In these and other cases, the authors paint mathematical evidence as extremely powerful. But in all these cases, other evidence made the role mathematics actually played in the decisions unclear. On that subject I must report my experience with a large group of moot court cases in which mathematics was the sole evidence. For many years, at the end of my course Statistics for Lawyers, at Columbia Law School (and other law schools), we have put on a moot court trial in which the students are divided into two teams and given the facts of a case and a data set. Each side also gets a professor of statistics as an expert witness. The students’ job is to prepare their witness for direct testimony, prepare to cross-examine the opposing witness, and give opening and closing arguments to the jury. The data set is designed to support a finding for the plaintiff, although with some weaknesses. Over many years of these trials, with different data sets, different expert witnesses, as well as generations of students and juries, a common theme has emerged: *The proponent of statistics almost always loses.* On questioning, jurors say in various ways that they didn’t believe the statistics.
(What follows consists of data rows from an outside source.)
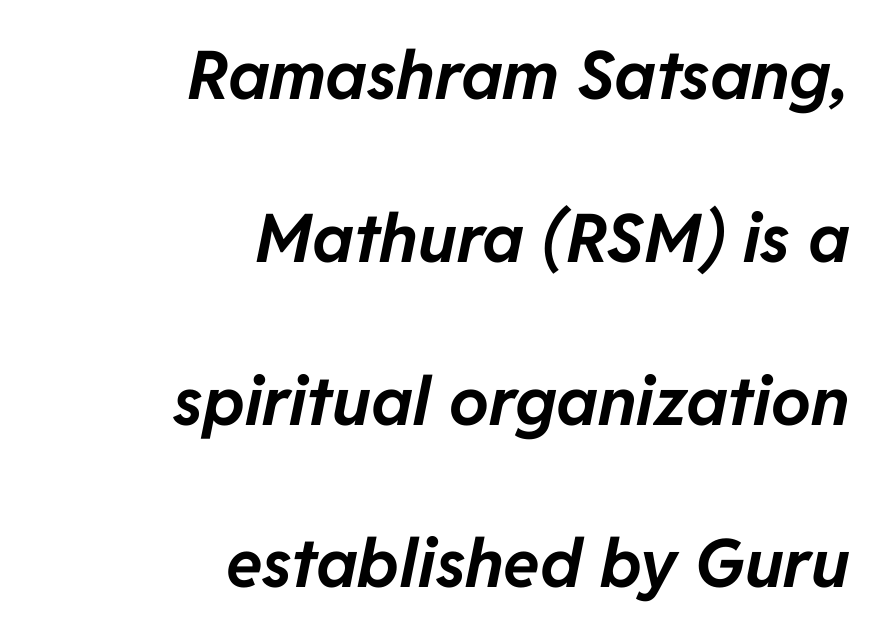
Q: Is the text bold? A: Yes.
Q: Is the text italic (slanted)? A: Yes, it leans right by about 11 degrees.
Q: Is the text underlined? A: No.
Q: How is the paragraph aligned? A: Right-aligned.
Q: Is the spacing between letters normal or unusually wide? A: Normal.
Q: Is the spacing between lines tight, normal or loose? A: Loose.
Q: Width (condensed, normal, or wide)? A: Normal.
Q: Stroke contrast? A: Low.
Q: x-height? A: Medium.
Q: Monospaced? A: No.

Evidently, quantitative evidence (particularly if presented in complex statistical models) is not an easy sell to legal decision makers and may have been less influential in actual cases than the authors suggest in this book.

Applied mathematicians who read the book should not take away the impression that the legal chestnuts discussed fairly represent the role of mathematics in legal proceedings today. Much has changed in the law, in addition to DNA evidence, which the book does discuss. Well-qualified statisticians and economists from academia and consulting organizations now routinely testify to multiple regression models in a variety of disputes, including those involving employment discrimination, voting, the death penalty, and antitrust. Binomial models are used in jury discrimination challenges. The U.S. Supreme Court has approved a number of such models and in a landmark opinion has required the district courts to determine whether proposed scientific testimony is sufficiently valid and reliable to be heard in evidence. To help the judges, the Federal Judicial Center produced the fat *Reference Manual on Scientific Evidence*, which has proved to be a best seller and is now in its third edition. Law reviews devoted to quantitative studies of the legal system have made their appearance, and there are textbooks on law and statistics (I am the co-author of one). This is a growing field, with variety and interest extending far beyond the world of the ten cases discussed in *Math on Trial*.